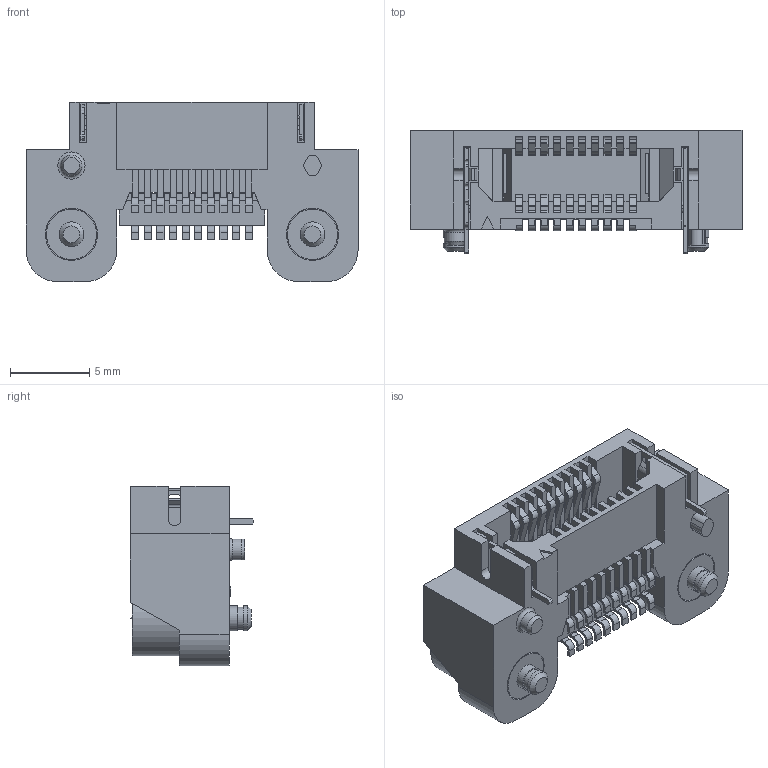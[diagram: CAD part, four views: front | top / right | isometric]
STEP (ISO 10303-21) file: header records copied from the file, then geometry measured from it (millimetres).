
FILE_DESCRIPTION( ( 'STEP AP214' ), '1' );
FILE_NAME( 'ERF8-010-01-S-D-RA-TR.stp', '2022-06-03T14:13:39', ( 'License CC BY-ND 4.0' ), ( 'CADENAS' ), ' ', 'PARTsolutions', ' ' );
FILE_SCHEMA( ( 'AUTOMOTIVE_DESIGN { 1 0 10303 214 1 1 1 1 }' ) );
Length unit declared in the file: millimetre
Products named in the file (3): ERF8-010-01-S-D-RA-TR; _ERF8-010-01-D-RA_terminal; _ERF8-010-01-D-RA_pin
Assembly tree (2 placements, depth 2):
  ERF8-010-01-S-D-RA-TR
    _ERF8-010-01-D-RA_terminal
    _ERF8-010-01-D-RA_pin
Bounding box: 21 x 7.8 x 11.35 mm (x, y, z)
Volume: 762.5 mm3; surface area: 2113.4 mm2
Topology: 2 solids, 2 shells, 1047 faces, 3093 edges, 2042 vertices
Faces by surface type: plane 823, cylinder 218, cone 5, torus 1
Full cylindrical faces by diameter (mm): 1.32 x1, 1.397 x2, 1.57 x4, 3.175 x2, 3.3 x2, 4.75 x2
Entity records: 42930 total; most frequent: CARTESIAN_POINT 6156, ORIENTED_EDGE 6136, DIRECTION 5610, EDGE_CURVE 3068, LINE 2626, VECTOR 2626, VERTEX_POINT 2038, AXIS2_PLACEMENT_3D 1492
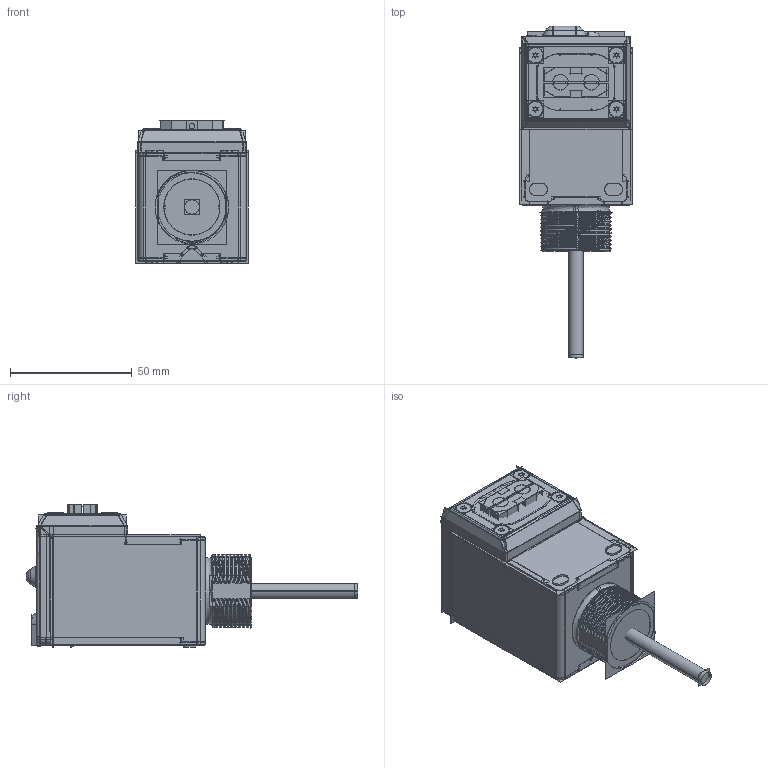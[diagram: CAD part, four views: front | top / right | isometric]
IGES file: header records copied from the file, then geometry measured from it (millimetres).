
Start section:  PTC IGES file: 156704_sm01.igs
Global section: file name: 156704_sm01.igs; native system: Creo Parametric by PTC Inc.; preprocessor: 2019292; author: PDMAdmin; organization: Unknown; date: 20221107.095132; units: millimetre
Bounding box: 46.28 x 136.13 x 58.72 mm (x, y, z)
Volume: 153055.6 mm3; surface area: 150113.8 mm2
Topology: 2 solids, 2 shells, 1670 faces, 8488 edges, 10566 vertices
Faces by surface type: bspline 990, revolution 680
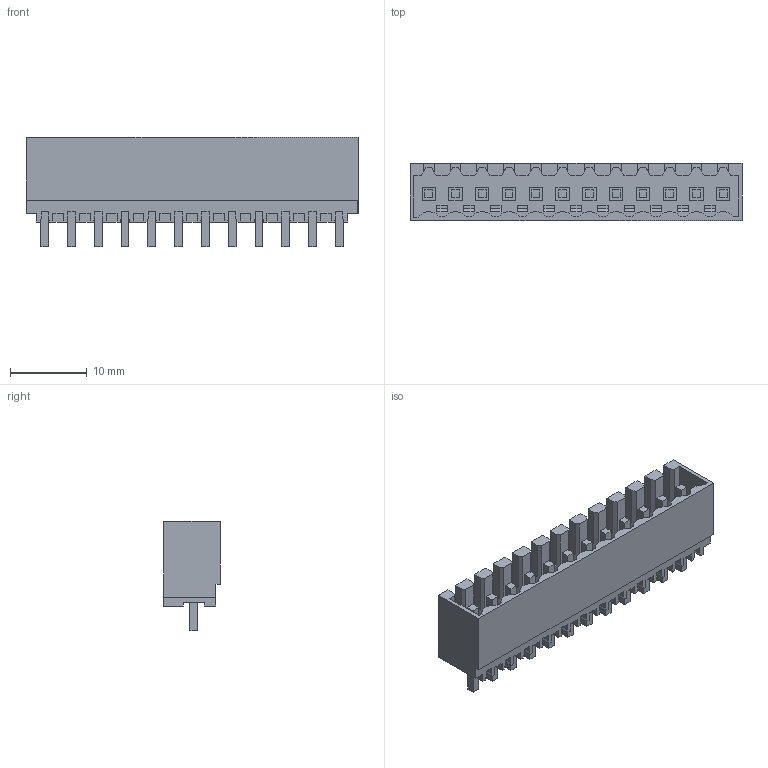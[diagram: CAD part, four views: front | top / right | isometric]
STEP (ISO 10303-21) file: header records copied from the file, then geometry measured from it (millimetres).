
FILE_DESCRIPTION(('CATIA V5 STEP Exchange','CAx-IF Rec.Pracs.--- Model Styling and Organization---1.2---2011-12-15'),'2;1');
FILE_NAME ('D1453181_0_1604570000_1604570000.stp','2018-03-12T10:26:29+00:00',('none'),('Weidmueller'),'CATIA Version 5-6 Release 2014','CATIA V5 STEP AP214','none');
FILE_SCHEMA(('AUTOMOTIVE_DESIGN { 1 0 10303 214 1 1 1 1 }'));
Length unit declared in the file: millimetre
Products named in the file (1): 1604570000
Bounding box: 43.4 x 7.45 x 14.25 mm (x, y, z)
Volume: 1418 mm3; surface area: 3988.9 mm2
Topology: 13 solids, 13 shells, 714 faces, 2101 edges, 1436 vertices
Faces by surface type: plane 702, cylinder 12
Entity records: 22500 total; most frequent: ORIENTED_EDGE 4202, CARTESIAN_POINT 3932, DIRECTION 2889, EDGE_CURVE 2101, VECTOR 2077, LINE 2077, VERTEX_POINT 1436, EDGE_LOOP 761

*-*-*

■ **What to do**
The records above must be repeated exactly, minus their pictures.

■ **Written answer**
[diagram: CAD part, four views: front | top / right | isometric]
STEP (ISO 10303-21) file: header records copied from the file, then geometry measured from it (millimetres).
FILE_DESCRIPTION( ( 'STEP AP214' ), '1' );
FILE_NAME( 'ERF8-010-01-S-D-RA-TR.stp', '2022-06-03T14:13:39', ( 'License CC BY-ND 4.0' ), ( 'CADENAS' ), ' ', 'PARTsolutions', ' ' );
FILE_SCHEMA( ( 'AUTOMOTIVE_DESIGN { 1 0 10303 214 1 1 1 1 }' ) );
Length unit declared in the file: millimetre
Products named in the file (3): ERF8-010-01-S-D-RA-TR; _ERF8-010-01-D-RA_terminal; _ERF8-010-01-D-RA_pin
Assembly tree (2 placements, depth 2):
  ERF8-010-01-S-D-RA-TR
    _ERF8-010-01-D-RA_terminal
    _ERF8-010-01-D-RA_pin
Bounding box: 21 x 7.8 x 11.35 mm (x, y, z)
Volume: 762.5 mm3; surface area: 2113.4 mm2
Topology: 2 solids, 2 shells, 1047 faces, 3093 edges, 2042 vertices
Faces by surface type: plane 823, cylinder 218, cone 5, torus 1
Full cylindrical faces by diameter (mm): 1.32 x1, 1.397 x2, 1.57 x4, 3.175 x2, 3.3 x2, 4.75 x2
Entity records: 42930 total; most frequent: CARTESIAN_POINT 6156, ORIENTED_EDGE 6136, DIRECTION 5610, EDGE_CURVE 3068, LINE 2626, VECTOR 2626, VERTEX_POINT 2038, AXIS2_PLACEMENT_3D 1492
[diagram: CAD part, four views: front | top / right | isometric]
IGES file: header records copied from the file, then geometry measured from it (millimetres).
Start section:  PTC IGES file: 156704_sm01.igs
Global section: file name: 156704_sm01.igs; native system: Creo Parametric by PTC Inc.; preprocessor: 2019292; author: PDMAdmin; organization: Unknown; date: 20221107.095132; units: millimetre
Bounding box: 46.28 x 136.13 x 58.72 mm (x, y, z)
Volume: 153055.6 mm3; surface area: 150113.8 mm2
Topology: 2 solids, 2 shells, 1670 faces, 8488 edges, 10566 vertices
Faces by surface type: bspline 990, revolution 680
[diagram: CAD part, four views: front | top / right | isometric]
STEP (ISO 10303-21) file: header records copied from the file, then geometry measured from it (millimetres).
FILE_DESCRIPTION(('CATIA V5 STEP Exchange','CAx-IF Rec.Pracs.--- Model Styling and Organization---1.2---2011-12-15'),'2;1');
FILE_NAME ('D1453181_0_1604570000_1604570000.stp','2018-03-12T10:26:29+00:00',('none'),('Weidmueller'),'CATIA Version 5-6 Release 2014','CATIA V5 STEP AP214','none');
FILE_SCHEMA(('AUTOMOTIVE_DESIGN { 1 0 10303 214 1 1 1 1 }'));
Length unit declared in the file: millimetre
Products named in the file (1): 1604570000
Bounding box: 43.4 x 7.45 x 14.25 mm (x, y, z)
Volume: 1418 mm3; surface area: 3988.9 mm2
Topology: 13 solids, 13 shells, 714 faces, 2101 edges, 1436 vertices
Faces by surface type: plane 702, cylinder 12
Entity records: 22500 total; most frequent: ORIENTED_EDGE 4202, CARTESIAN_POINT 3932, DIRECTION 2889, EDGE_CURVE 2101, VECTOR 2077, LINE 2077, VERTEX_POINT 1436, EDGE_LOOP 761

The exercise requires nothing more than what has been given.